Institute of Biomaterials and Biomedical Engineering, University of Toronto, Toronto, ON, Canada.
Advanced drug delivery reviews (Impact Factor: 15.04). 11/2009; 62(4-5):438-48. DOI: 10.1016/j.addr.2009.11.015
Source: PubMed


Infectious diseases are prevalent in the developing world and are one of the developing world's major sources of morbidity and mortality.
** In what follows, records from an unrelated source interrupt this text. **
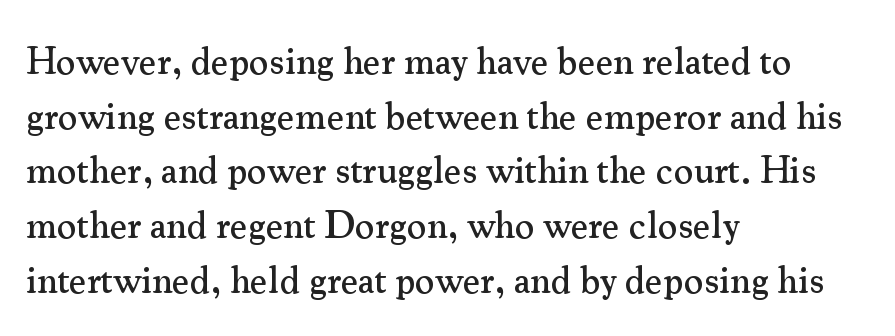
Q: Is the text italic (slanted)? A: No, it is upright.
Q: Is the typeface a serif or a sans-serif typeface? A: Serif.
Q: Is the text underlined? A: No.
Q: How is the paragraph aligned? A: Left-aligned.
Q: Is the spacing between letters normal or unusually wide? A: Normal.
Q: Is the spacing between lines tight, normal or loose? A: Normal.
Q: Width (condensed, normal, or wide)? A: Normal.
Q: Stroke contrast? A: Medium.
Q: x-height? A: Small.
Q: Monospaced? A: No.
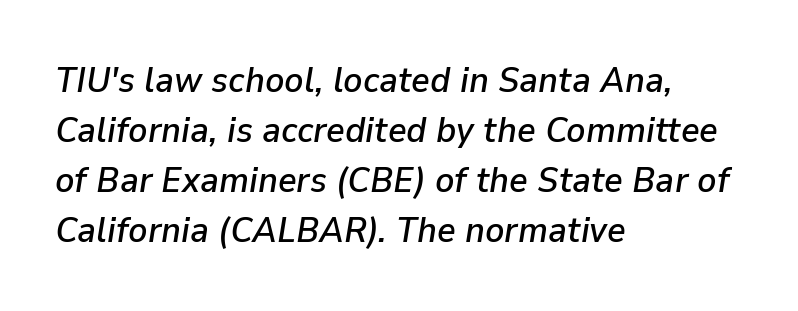
Q: Is the text italic (slanted)? A: Yes, it leans right by about 9 degrees.
Q: Is the text underlined? A: No.
Q: How is the paragraph aligned? A: Left-aligned.
Q: Is the spacing between letters normal or unusually wide? A: Normal.
Q: Is the spacing between lines tight, normal or loose? A: Normal.
Q: Width (condensed, normal, or wide)? A: Normal.
Q: Stroke contrast? A: Low.
Q: x-height? A: Medium.
Q: Monospaced? A: No.
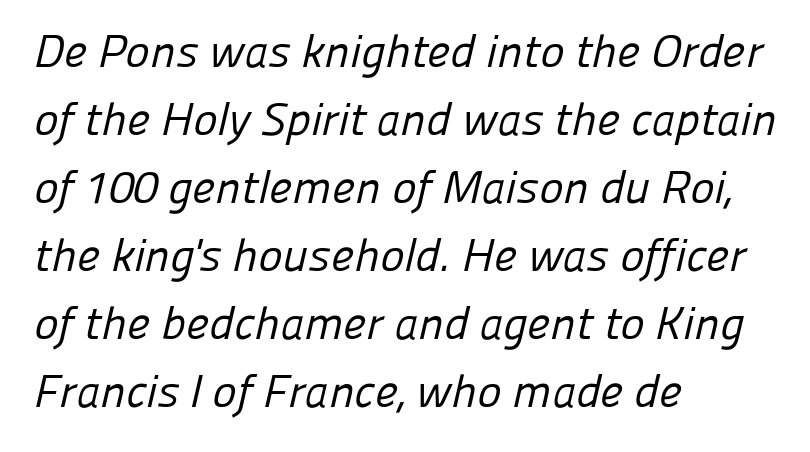
Notice how descenders clear the ascenders below comfortably — that's standard leading. Descender tails drop into unmarked territory. If you drew a ruler down the left edge, every line would touch it. These glyphs show unthickened strokes, regular width or finer. Observe the ordinary spacing: letters are neighbours, not strangers. Looks like regular typesetting: each glyph gets only the width it needs.
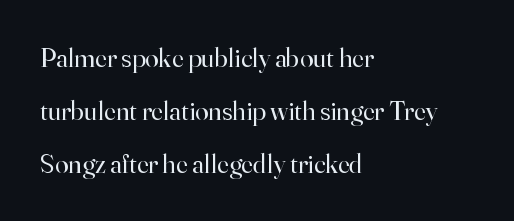
The rendering uses a large line-height, opening up the rows. Anything drawn beneath the words? Only blank space. Line beginnings align vertically; line endings do not. Every character sits straight up, as roman type does. No letter is thick-stroked: the sample isn't bold.
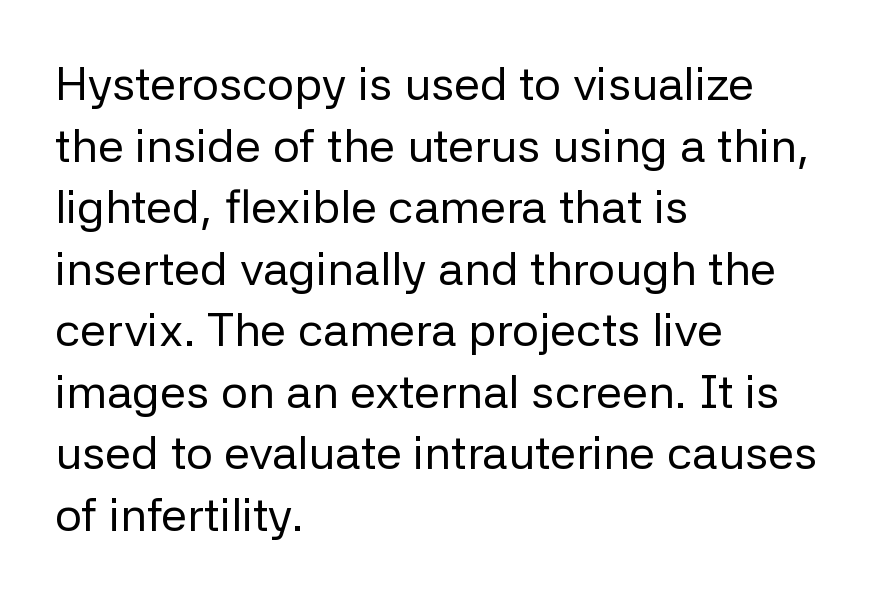
Q: Is the text bold? A: No.
Q: Is the text italic (slanted)? A: No, it is upright.
Q: Is the typeface a serif or a sans-serif typeface? A: Sans-serif.
Q: Is the text underlined? A: No.
Q: How is the paragraph aligned? A: Left-aligned.
Q: Is the spacing between letters normal or unusually wide? A: Normal.
Q: Is the spacing between lines tight, normal or loose? A: Normal.
Q: Width (condensed, normal, or wide)? A: Normal.
Q: Stroke contrast? A: Low.
Q: x-height? A: Medium.
Q: Monospaced? A: No.
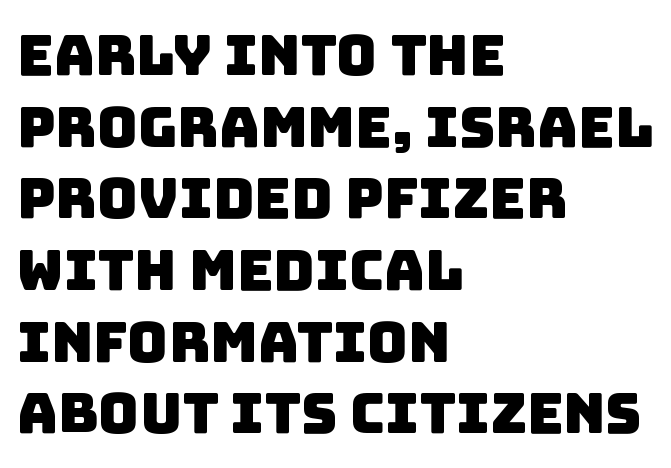
Are there feet on the stems? There aren't — it's a sans. Line starts are locked; line ends wander. You could not count columns in this text — the font is proportionally spaced. Regarding leading, the lines here are spaced in the standard way.
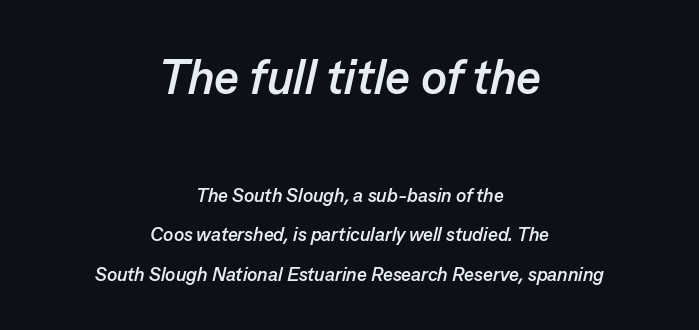
Q: Is the text bold? A: Yes.
Q: Is the text italic (slanted)? A: Yes, it leans right by about 13 degrees.
Q: Is the text underlined? A: No.
Q: How is the paragraph aligned? A: Centered.
Q: Is the spacing between letters normal or unusually wide? A: Normal.
Q: Is the spacing between lines tight, normal or loose? A: Loose.
Q: Which block of text is set in a larger size, the first (top) or the second (bottom)? A: The first (top) one.
Q: Width (condensed, normal, or wide)? A: Normal.
Q: Stroke contrast? A: Low.
Q: x-height? A: Medium.
Q: Monospaced? A: No.
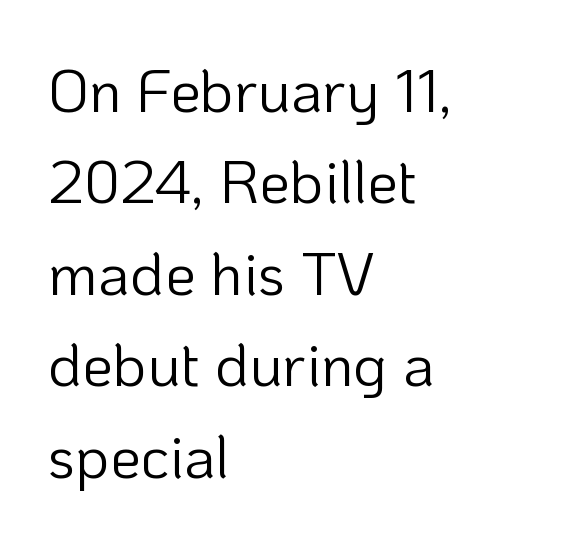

While infectious diseases can initiate in a localized region, they can spread rapidly at any moment due to the ease of traveling from one part of the world to the next. This could lead to a global pandemic. One key to preventing this spread is the development of diagnostics that can quickly identify the infectious agent so that one can properly treat or in some severe cases, quarantine a patient. There have been major advances in diagnostic technologies but infectious disease diagnostics are still based on 50-year technologies that are limited by speed of analysis, need for skilled workers, poor detection threshold and inability to detect multiple strains of infectious agents. Here, we describe advances in nanotechnology and microtechnology diagnostics for infectious diseases. In these diagnostic schemes, the nanomaterials are used as labels or barcodes while microfluidic systems are used to automate the sample preparation and the assays. We describe the current state of the field and the challenges.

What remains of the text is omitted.